City contracts and funding should go to those who serve the public—not donors, insiders, or politically connected nonprofits.

 

Curtis will:

  • Put in place strict vetting and limits on lobbyists and donors in city contracting to guarantee fairness and accountability.

  • Enforce strict anti-nepotism and conflict-of-interest laws to prevent friends and family from benefiting off city deals.

  • End the nonprofit racket by cutting off city funding to groups that fail to deliver results or exist solely for political gain.

  • Reform the Department of Investigation (DOI) to root out construction fraud, political nepotism, and cronyism in procurement and contracting.

  • Ensure DOI has the staffing, independence, and mandate to investigate not just low-level waste—but systemic corruption at the highest levels of city government.
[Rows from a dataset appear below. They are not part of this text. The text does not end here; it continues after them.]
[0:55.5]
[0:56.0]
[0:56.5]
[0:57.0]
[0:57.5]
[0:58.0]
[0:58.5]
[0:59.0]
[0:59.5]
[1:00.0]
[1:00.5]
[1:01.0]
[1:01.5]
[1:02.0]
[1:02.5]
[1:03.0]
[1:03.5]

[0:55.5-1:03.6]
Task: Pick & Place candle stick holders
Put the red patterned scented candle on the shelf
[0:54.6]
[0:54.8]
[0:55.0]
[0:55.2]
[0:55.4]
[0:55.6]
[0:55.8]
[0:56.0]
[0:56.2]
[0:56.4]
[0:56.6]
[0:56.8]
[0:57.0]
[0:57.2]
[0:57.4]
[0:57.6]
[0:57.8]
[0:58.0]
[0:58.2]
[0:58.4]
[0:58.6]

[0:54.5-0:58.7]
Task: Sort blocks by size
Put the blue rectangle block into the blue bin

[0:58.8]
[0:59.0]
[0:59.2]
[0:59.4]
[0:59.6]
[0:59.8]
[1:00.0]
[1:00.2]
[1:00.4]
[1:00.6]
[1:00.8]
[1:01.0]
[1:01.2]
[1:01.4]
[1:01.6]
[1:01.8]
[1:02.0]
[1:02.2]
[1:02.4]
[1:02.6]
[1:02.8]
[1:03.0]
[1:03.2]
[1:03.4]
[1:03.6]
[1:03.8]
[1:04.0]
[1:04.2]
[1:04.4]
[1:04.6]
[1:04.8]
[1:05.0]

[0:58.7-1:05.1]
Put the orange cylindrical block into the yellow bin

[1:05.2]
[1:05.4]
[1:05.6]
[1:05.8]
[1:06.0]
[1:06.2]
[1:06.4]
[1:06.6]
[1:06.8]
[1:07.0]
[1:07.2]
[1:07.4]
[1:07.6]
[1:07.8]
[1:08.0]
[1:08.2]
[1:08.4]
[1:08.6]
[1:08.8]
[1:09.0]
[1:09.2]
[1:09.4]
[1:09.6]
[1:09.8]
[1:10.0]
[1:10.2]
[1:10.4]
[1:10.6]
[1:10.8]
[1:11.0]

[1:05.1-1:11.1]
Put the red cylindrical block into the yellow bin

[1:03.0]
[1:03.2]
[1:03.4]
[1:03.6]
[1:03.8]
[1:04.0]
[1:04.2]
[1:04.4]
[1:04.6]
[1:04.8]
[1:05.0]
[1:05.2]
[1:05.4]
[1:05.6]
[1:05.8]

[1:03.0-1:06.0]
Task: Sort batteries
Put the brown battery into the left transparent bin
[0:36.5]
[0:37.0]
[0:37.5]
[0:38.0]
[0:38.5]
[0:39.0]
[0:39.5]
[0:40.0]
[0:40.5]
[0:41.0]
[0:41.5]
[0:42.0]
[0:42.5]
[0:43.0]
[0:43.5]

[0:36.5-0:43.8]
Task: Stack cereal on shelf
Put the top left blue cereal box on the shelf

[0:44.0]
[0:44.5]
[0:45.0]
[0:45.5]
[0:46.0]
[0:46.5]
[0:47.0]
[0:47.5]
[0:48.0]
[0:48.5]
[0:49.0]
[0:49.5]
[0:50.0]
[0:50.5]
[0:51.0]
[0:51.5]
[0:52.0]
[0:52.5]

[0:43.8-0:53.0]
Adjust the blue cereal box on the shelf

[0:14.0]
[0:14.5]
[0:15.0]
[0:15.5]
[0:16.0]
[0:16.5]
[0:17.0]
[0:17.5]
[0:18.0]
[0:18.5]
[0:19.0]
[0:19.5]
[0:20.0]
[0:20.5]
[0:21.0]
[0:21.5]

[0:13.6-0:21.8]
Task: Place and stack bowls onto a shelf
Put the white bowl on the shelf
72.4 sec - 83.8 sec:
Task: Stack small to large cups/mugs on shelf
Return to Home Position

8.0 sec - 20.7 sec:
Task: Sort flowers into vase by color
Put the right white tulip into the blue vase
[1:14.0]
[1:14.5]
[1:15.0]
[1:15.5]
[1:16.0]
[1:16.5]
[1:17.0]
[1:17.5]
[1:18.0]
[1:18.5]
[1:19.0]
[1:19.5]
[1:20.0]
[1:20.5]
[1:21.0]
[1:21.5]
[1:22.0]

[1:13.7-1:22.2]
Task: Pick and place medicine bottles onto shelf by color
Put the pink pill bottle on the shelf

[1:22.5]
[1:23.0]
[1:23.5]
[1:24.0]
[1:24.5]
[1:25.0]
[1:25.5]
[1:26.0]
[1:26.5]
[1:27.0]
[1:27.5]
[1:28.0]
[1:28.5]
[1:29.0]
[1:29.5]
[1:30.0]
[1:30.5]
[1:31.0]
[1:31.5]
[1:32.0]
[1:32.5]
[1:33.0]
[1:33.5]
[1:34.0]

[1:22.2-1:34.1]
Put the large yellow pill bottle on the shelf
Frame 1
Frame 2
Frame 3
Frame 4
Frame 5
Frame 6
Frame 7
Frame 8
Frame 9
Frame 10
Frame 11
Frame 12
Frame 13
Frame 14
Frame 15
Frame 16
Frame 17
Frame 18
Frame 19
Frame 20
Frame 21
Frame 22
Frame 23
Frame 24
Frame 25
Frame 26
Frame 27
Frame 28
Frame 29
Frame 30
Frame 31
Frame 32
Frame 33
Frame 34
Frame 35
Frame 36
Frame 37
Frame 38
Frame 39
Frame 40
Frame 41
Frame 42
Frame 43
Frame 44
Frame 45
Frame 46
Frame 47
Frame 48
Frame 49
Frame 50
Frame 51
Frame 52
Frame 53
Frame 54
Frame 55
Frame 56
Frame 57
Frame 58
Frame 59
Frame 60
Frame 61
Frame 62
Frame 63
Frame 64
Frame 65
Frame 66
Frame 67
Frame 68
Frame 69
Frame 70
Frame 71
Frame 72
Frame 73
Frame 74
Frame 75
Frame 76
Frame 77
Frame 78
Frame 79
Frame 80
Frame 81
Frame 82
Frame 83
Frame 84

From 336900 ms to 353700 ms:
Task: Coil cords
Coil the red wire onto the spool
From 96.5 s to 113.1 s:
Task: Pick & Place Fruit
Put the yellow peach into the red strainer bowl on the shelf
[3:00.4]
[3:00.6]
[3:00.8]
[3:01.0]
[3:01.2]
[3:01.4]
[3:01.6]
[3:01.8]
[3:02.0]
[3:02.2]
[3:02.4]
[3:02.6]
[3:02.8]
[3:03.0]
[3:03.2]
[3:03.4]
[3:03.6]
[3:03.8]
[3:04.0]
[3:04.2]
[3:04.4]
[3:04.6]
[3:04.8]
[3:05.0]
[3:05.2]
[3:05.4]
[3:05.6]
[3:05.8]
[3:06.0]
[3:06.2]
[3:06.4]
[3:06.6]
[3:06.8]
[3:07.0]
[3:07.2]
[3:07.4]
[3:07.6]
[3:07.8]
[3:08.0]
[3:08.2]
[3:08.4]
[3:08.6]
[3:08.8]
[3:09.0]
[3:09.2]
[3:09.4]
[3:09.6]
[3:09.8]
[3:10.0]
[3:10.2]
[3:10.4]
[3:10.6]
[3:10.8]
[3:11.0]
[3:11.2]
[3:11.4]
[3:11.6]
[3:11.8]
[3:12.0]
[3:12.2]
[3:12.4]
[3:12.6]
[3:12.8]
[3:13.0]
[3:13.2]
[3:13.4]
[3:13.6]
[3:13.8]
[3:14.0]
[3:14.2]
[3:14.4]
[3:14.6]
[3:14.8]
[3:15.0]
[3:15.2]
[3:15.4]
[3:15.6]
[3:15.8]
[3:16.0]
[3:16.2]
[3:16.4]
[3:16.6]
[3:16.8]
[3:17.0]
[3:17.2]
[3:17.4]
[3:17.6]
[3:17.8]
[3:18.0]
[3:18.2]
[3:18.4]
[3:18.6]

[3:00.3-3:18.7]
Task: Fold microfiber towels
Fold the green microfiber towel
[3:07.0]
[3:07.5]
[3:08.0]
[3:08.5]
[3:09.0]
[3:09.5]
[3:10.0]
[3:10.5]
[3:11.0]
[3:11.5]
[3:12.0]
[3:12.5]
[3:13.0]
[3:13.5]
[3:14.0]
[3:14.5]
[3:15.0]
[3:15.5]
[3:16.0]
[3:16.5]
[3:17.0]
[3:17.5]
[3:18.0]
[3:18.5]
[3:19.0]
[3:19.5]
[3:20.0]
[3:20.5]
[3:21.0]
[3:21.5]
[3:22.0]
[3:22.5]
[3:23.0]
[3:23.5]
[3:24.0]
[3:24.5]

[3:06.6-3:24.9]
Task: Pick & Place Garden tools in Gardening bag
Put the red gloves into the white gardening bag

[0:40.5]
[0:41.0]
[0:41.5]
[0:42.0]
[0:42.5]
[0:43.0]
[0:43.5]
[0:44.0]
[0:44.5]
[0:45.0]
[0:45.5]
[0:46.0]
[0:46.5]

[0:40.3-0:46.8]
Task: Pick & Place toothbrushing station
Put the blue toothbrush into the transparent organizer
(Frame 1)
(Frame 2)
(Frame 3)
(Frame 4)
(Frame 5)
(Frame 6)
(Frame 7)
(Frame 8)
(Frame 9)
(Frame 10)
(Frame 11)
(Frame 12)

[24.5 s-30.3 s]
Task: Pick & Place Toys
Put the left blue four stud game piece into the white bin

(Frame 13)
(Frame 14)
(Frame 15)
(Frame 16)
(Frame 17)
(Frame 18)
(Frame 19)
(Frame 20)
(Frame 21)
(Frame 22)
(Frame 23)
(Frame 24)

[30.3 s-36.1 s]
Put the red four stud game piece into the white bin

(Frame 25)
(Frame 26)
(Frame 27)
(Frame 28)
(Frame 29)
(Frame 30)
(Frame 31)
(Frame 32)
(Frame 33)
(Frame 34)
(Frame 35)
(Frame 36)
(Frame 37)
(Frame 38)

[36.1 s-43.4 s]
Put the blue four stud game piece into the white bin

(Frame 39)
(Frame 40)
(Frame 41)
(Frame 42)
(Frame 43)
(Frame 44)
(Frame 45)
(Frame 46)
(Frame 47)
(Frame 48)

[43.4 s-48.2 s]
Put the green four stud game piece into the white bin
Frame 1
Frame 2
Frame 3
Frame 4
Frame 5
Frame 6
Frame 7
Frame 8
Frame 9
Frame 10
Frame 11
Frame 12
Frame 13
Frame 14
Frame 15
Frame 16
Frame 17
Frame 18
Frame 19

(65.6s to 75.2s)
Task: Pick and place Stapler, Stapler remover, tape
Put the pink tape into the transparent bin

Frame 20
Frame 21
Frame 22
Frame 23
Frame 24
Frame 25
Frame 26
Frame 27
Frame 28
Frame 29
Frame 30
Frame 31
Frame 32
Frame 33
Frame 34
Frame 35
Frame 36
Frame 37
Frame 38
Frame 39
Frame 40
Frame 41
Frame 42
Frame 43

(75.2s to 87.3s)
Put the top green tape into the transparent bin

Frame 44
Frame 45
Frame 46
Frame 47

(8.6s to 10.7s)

5. Eliminating Bureaucratic Bloat & Refocusing Government on Core Services

NYC government has grown too big, too slow, and too distracted from what matters. Curtis will put it back on track.

Curtis will:

  • Eliminate unnecessary bureaucratic positions and shift funding back to core services like police, fire, EMS, sanitation, and infrastructure.

  • Reduce the number of deputy mayors, consultants, and high-salaried political appointees who produce no value for taxpayers.

  • Consolidate redundant agencies and focus government on what people actually need—clean streets, safe neighborhoods, and working services.

 

Conclusion: Restoring Integrity and Accountability to NYC Government

For too long, City Hall has been run by insiders and career bureaucrats who care more about politics than performance. Curtis Sliwa will change that. He’ll make government efficient, responsive, and focused on results. No more waste. No more excuses. No more corruption. Just a government that works—for you.